Ho Chi Minh, the dedicated Vietnamese revolutionary patriot of the 20th century, appears hopelessly out of date. Classic colonialism of a century ago seems light years away. Vietnam, for example, is a part of the global economy, meaning joint ventures that profit the local government, some favored officials and Western companies.
Nevertheless, the world is a different place because of Ho, and others like him, who agitated, fought and died to liberate their lands from the stigma and yoke of foreign tyranny. In "Ho Chi Minh," William J. Duiker, a foreign service officer in South Vietnam in the 1960s who since has written notable books on the area, has rendered a discerning portrait of one of the past century's most memorable, fascinating figures. Ho is largely remembered in mythic terms, both in Vietnam and abroad, but Duiker has made a formidable case for Ho's significance on the world stage. Ho is "in the pantheon of revolutionary heroes," Duiker writes, a leader who gave voice and example to the aspirations of oppressed, subjugated peoples everywhere.
Happily, Duiker has moved beyond the simplistic Cold War debate of whether Ho was a dedicated Communist, beholden to Marxist-Leninist orthodoxy, or whether he was a patriot and a nationalist, dedicated to freeing and uniting his country. Duiker rightly notes that Ho had deep roots in the international Communist movement; but he was a constant nationalist who provided leadership, vision and a firm commitment to the principle of self-determination. That ideal is deeply embedded in the American revolutionary tradition, and the United States proclaimed it to the world as the brighter side of its foreign policy. Sadly and ironically, however, self-determination became a casualty of the ideological warfare of the 20th century. Neutrality, John Foster Dulles once solemnly said, was "immoral."
Marxism obviously appealed to the young, colonial Ho, anxious to reclaim his land for the indigenous people. Such capitalist democracies as England offered no prospect for material or moral support, given their imperial interests. The United States was too aloof and uninvolved, however much it became a model. Almost alone, the Soviet Union offered Ho a refuge, ideological moorings and practical aid.
Similarly, futile pleas for independence frustrated and radicalized many colonials in Indonesia, India, South Africa and elsewhere. Nguyen Ai Quoc -- the younger Ho, in revolutionary guise -- was no different. V.I. Lenin's assaults on Western imperialism struck an enormous response, and they offered a practical, useful appeal, unlike the more abstract American notions of equality. Ho nevertheless later appealed to Thomas Jefferson's "all men are created equal" doctrine when he reasserted Vietnamese independence in 1945.

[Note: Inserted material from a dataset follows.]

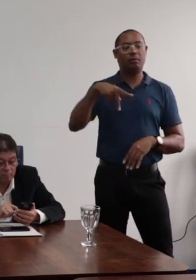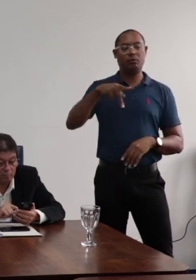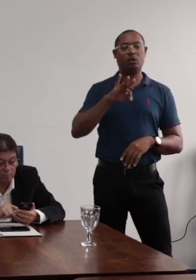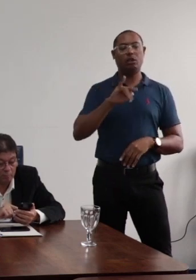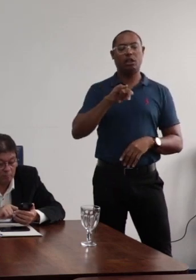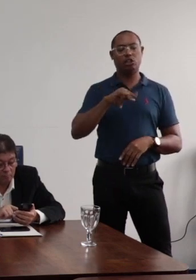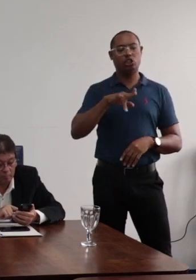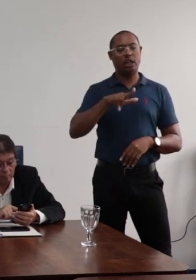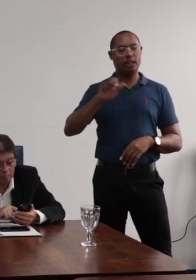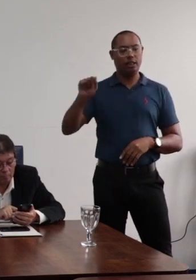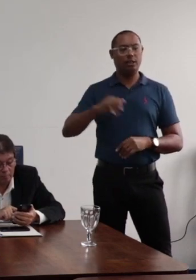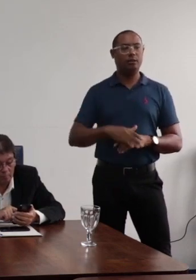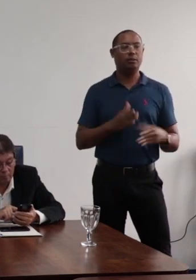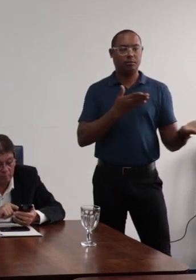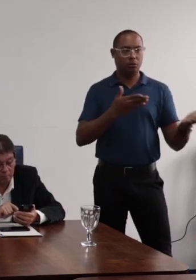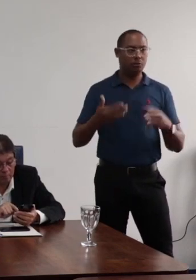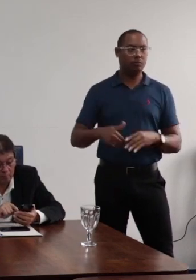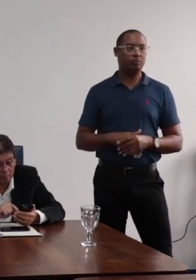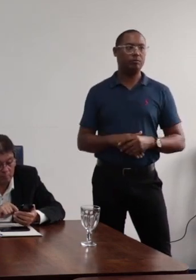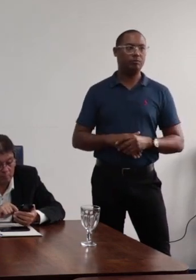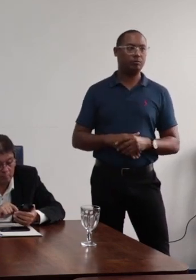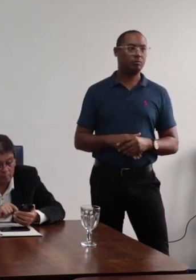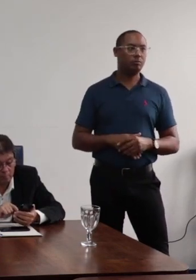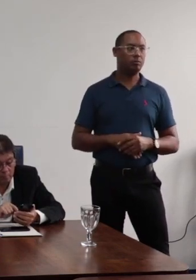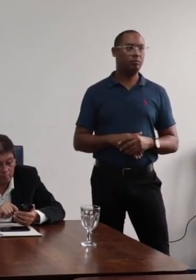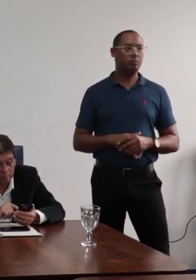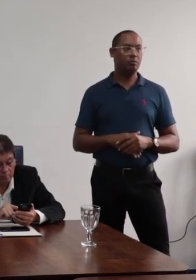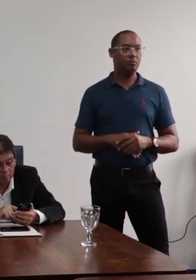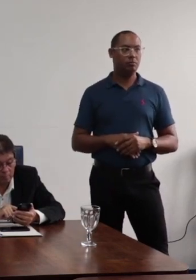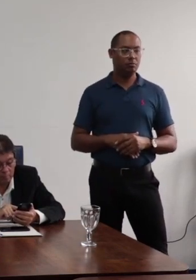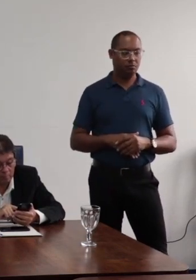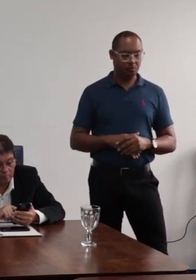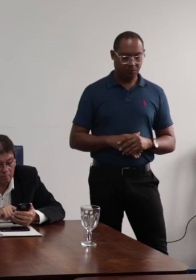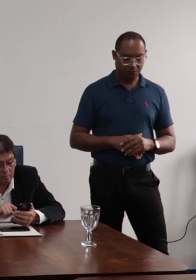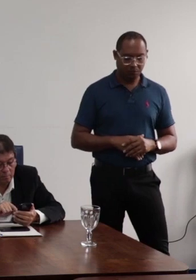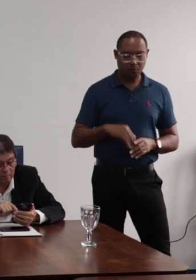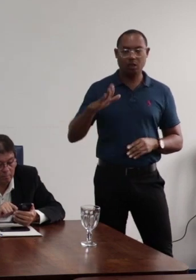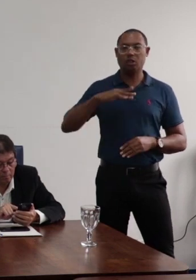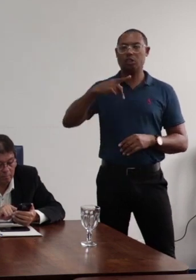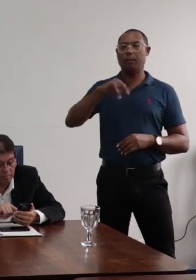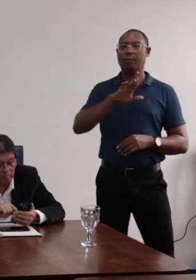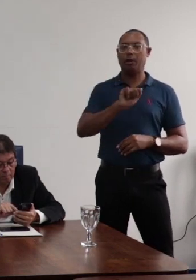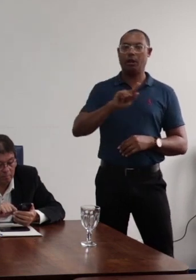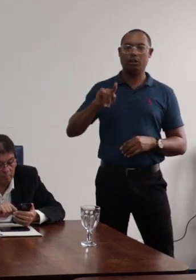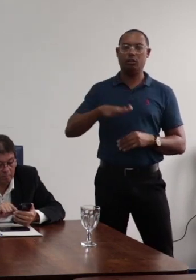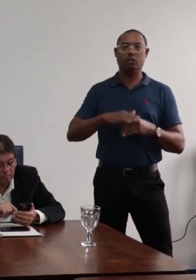Tatiana Veloso, que solicitou a inscrição, nossa providora de extensão.
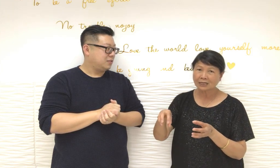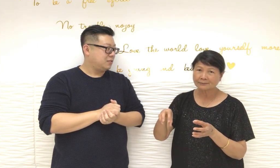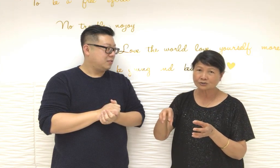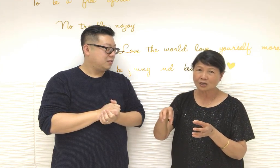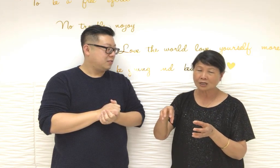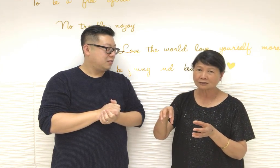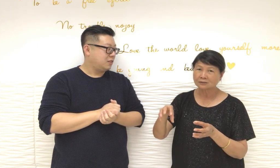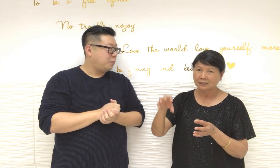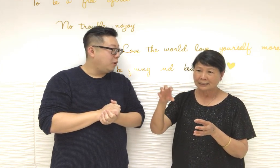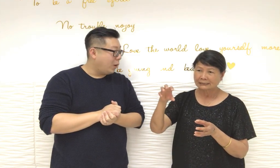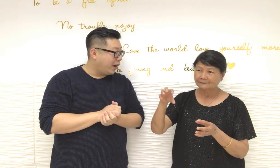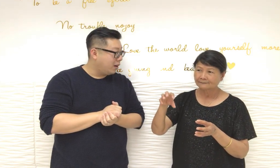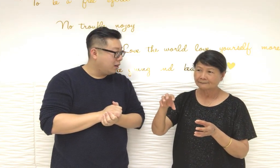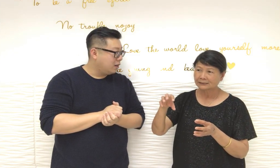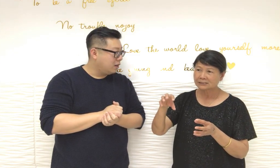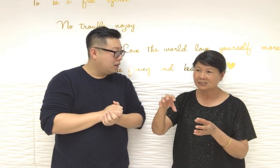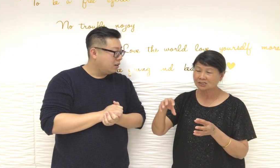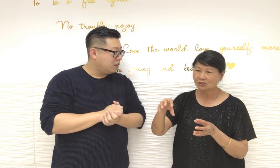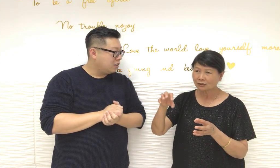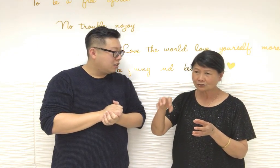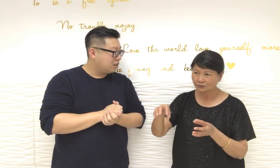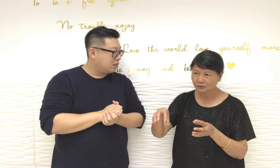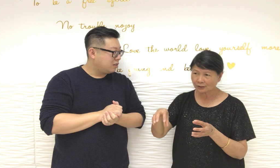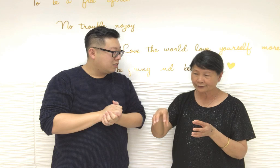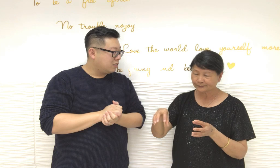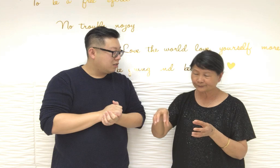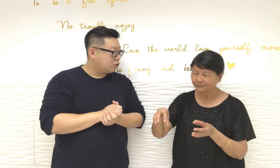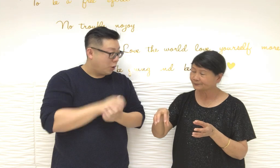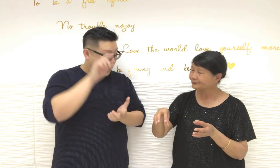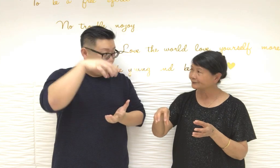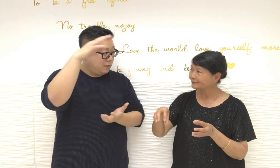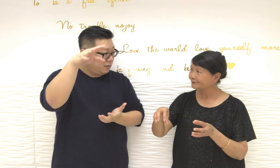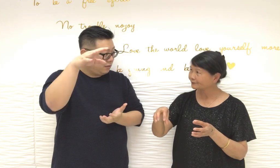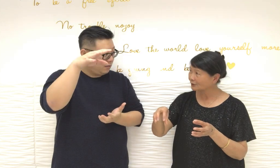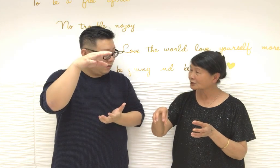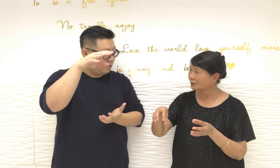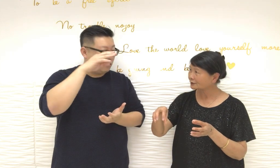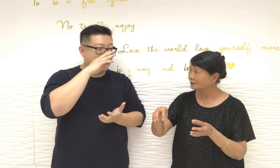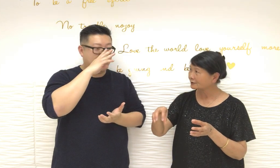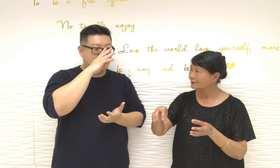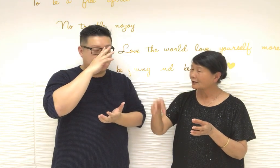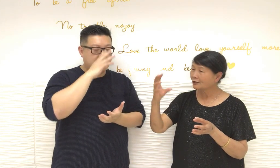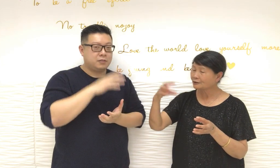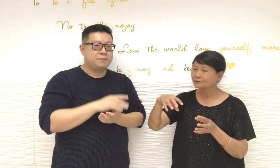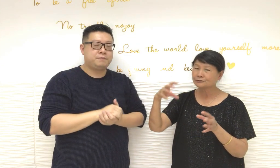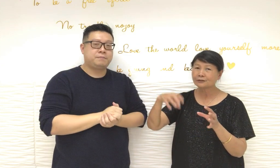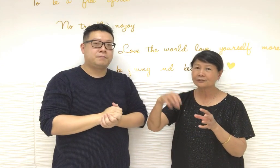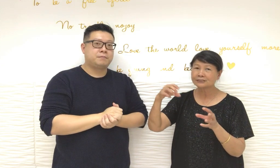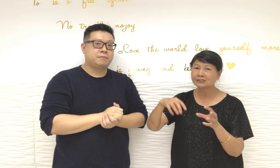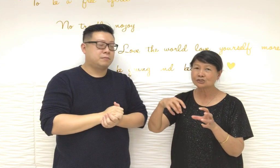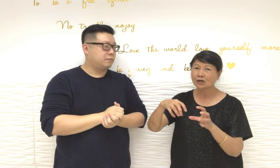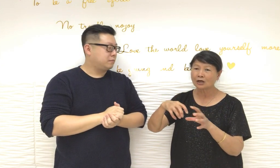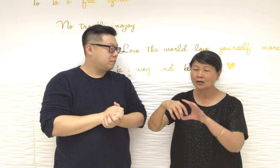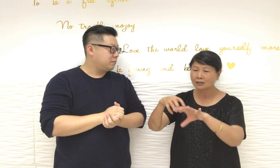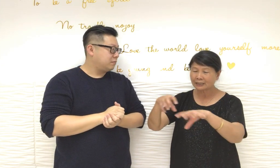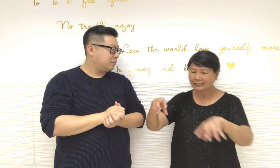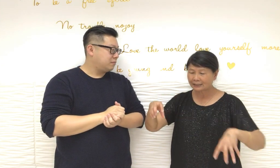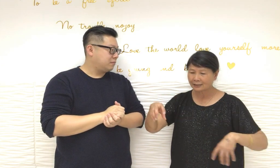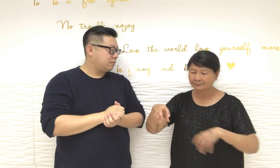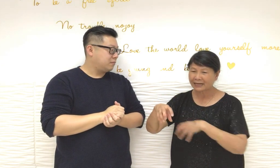大笨象在哪個位置在廁所的水箱在上面沒錯OK向著廁所馬

Ho unabashedly used communism for his own nationalist ends. His statement that "the peoples of Indochina still live and will live forever" is hardly compatible with Marxism. Duiker insists that for Ho, national independence always was the primary goal, while the doctrine of a communist utopia remained a vague, indefinite matter for the future.
Vietnam recently celebrated a quarter-century as a unified land, following decades of protracted, grisly wars with France, Japan, China and the United States. The best estimate is that at least 1.75 million soldiers and civilians from the various nations died between 1945 and 1975. For some, the history of the Cold War is a relentlessly historiographical account of the triumph of the free world over the other half of the world, apparently unfree, tyrannical and always menacing. But of course the free world remains contested turf, and paths chosen were not always wise or even effective. Duiker painfully reminds us that external Cold War considerations led to the failure of Paris and then Washington to grasp Ho's hand, resulting in profound consequences for the Vietnamese people and the world.
The United States aided Ho's Vietminh forces during World War II, and President Franklin Roosevelt had expressed disdain for continued French rule in Indochina. The end of World War II and the beginning of the Cold War form a seamless web. In late 1945, the U.S. supported the Chinese Nationalist disarming of the Japanese in the north. The Chinese, as we never seemed to understand, had been ancient enemies of the Vietnamese people who eventually cut their own deal and actively supported the French return. Meanwhile, the United States acquiesced in the resumption of French authority as France effectively played on American Cold War fears.
Secretary of State George C. Marshall inaugurated a nearly 30-year American policy emphasis on Ho's communist connections. Marshall's successors added the notion of the "domino effect," which conjured inevitable communist triumphs if Indochina were toppled: Today, Indochina; tomorrow, communists would rule Manila, Tokyo, Honolulu and, finally, the beaches of La Jolla. As France was about to lose its colony on the Dien Bien Phu battlefield in 1954, American cold warriors, notably Richard Nixon, advocated the use of tactical nuclear weapons, all in the name of keeping the dominoes standing.
Despite the French collapse, the Vietnamese still had another 20 years of armed struggle to secure their independence, but this time, against the American colossus. But irony abounds. The United States conducted its longest war, lost more than 50,000 soldiers, the red flag flew over Saigon, but surprise! No dominoes fell. The U.S. dollar today stands tall in Vietnam, and the president of the United States is about to arrive.